As noted previously2,5,8, there are few examples of large interchromosomal duplication (Table 1) and most large (>10 kb) intrachromosomal duplications are tandemly organized with >89% of the pairwise alignments mapping in close proximity to one another (Fig. 2). Mouse duplicated sequences have 3 to 4 times as many paralogs when compared to human. This finding implies that structural variation of the mouse genome mediated by non-allelic homologous recombination may be more common but should be more locally restricted. We compared the exon density (RefGene annotation) between unique and duplicated regions of the mouse genome (Table 1) and found a greater depletion of exons in mouse segmental duplication when compared to human. To eliminate the possibility of incomplete gene annotation and potential processed pseudogenes, we examined the density of all ESTs that show evidence of splicing. Once again, the proportion of spliced ESTs is reduced (7.9%) when compared to unique regions of the genome, although this difference is not significant by simulation (Table 1). In contrast, the human genome shows a strong (p<0.001) enrichment of spliced ESTs within segmental duplications.
Figure 2. Distribution of mouse versus human duplication pairwise alignments.
The distance between segmental duplications was computed for the mouse (Build36) and the human (Build36) genome. All pairwise alignments >10 kb in length were binned into various categories. Tandem duplications that map within 5 Mb of one another constitute the bulk of mouse segmental duplications.

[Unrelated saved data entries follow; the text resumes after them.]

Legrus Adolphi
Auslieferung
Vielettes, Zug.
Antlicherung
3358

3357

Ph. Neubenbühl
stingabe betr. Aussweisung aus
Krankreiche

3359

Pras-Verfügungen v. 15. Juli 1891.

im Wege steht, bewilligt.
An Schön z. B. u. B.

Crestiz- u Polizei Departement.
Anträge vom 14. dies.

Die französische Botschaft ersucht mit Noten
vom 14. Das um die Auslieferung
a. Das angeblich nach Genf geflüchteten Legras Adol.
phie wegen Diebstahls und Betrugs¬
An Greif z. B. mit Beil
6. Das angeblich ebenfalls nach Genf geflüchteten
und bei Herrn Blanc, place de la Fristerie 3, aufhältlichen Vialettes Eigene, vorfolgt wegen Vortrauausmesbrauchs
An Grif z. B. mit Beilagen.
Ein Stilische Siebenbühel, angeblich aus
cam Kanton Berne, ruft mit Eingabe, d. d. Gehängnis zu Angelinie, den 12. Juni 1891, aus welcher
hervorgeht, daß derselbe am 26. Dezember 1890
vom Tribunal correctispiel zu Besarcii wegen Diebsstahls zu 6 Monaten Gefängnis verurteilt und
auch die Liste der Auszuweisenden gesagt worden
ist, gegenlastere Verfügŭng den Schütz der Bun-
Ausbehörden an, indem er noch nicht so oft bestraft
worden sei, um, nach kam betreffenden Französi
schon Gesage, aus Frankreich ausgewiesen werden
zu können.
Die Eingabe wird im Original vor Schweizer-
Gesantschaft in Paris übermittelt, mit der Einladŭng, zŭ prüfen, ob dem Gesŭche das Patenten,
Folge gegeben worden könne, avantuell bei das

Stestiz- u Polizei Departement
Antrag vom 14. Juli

The enrichment of Alu-SINE repeat elements at the boundaries of new human segmental duplications has been taken as evidence that these elements played a role in the dispersal of SDs in the ancestral primate genome19,20. We examined the repeat composition of mouse segmental duplications and found them significantly enriched for both LINE and repeat elements (1.5- to 2-fold enrichment) (Supplementary Table 3, Fig. 3). In contrast, SINE elements were underrepresented (49%, Table 1) when compared to unique regions of the mouse genome. An examination of the transition boundaries between larger (>20 kb) segmental duplication alignments shows the most dramatic enrichment. Approximately 32% of the basepairs at these boundaries consist of LINE repeat sequences (Fig. 3), while 20% are LTR repeat elements. If we limit the analysis to unique-duplication transition regions, we find the most significant enrichment for LTR sequences in the duplicated portion when compared to the flanking unique sequence (Fig. 3c). Either side of the transition region appears equally enriched in LINE repeat elements, although this enrichment is significant only for the youngest LINEs (<12% sequence divergence from consensus) (Supplementary Table 4).
Figure 3. LINE and LTR enrichment within mouse segmental duplications.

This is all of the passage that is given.